Sheaf Neural Networks equip graph structures with a cellular sheaf: a geometric structure which assigns local vector spaces (stalks) and a linear learnable restriction/transport maps to nodes and edges, yielding an edge-aware inductive bias that handles heterophily and limits oversmoothing. However, common Neural Sheaf Diffusion implementations rely on SVD-based sheaf normalization and dense per-edge restriction maps, which scale with stalk dimension, require frequent Laplacian rebuilds, and yield brittle gradients. To address these limitations, we introduce Polynomial Neural Sheaf Diffusion (PolyNSD), a new sheaf diffusion approach whose propagation operator is a degree-K polynomial in a normalised sheaf Laplacian, evaluated via a stable three-term recurrence on a spectrally rescaled operator. This provides an explicit K-hop receptive field in a single layer (independently of the stalk dimension), with a trainable spectral response obtained as a convex mixture of K+1 orthogonal polynomial basis responses. PolyNSD enforces stability via convex mixtures, spectral rescaling, and residual/gated paths, reaching new state-of-the-art results on both homophilic and heterophilic benchmarks, inverting the Neural Sheaf Diffusion trend by obtaining these results with just diagonal restriction maps, decoupling performance from large stalk dimension, while reducing runtime and memory requirements.

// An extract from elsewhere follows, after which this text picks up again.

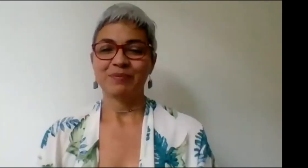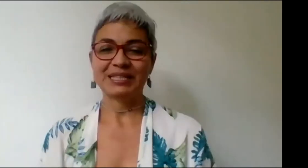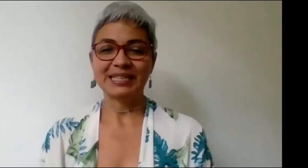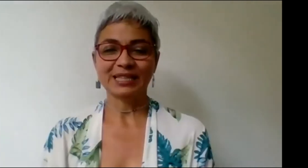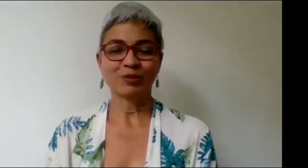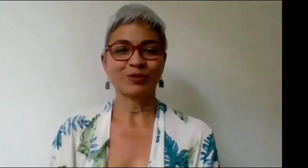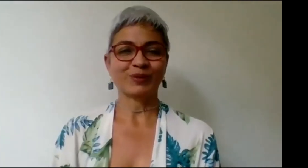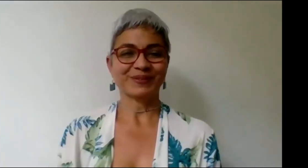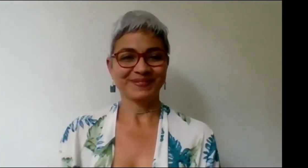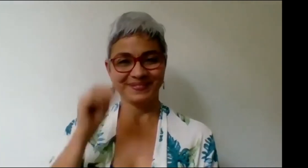preséntate, por favor.

Graph Neural Networks (GNNs) Goller & Kuchler (1996); Gori et al. (2005); Scarselli et al. (2008); Bruna et al. (2013); Defferrard et al. (2016); Velickovic et al. (2017); Gilmer et al. (2017) have become a standard tool for learning on relational data, yet they often underperform on heterophilic graphs (Zhu et al., 2020) and suffer from oversmoothing (Nt & Maehara, 2019;Rusch et al., 2023) when stacked deeply.
A possible solution provided by (Bi et al., 2024) is to modify the graph by rewiring the graph with homophilic edges and pruning heterophilic ones. A more principled way to avoid that, modeling heterophily in the graph’s underlying topology, is via (cellular) sheaves (Hansen & Gebhart, 2020;Bodnar et al., 2022): each node/edge carries a local feature space (a stalk) and edges carry linear restriction maps that specify how to align and compare features across incidences. The resulting sheaf Laplacian implements transport-aware diffusion that can better accommodate heterophily than conventional, isotropic graph filters. However, existing neural sheaf-diffusion layers are (i) effectively one-step propagators, (ii) rely on dense, per-edge restriction maps, (iii) require heavy normalizations or even decompositions during training, and (iv) their performance is highly dependent on the stalk’s high-dimensionality. These factors inflate parameters and runtime, couple cost and stability to the stalk dimension, and can yield brittle optimization.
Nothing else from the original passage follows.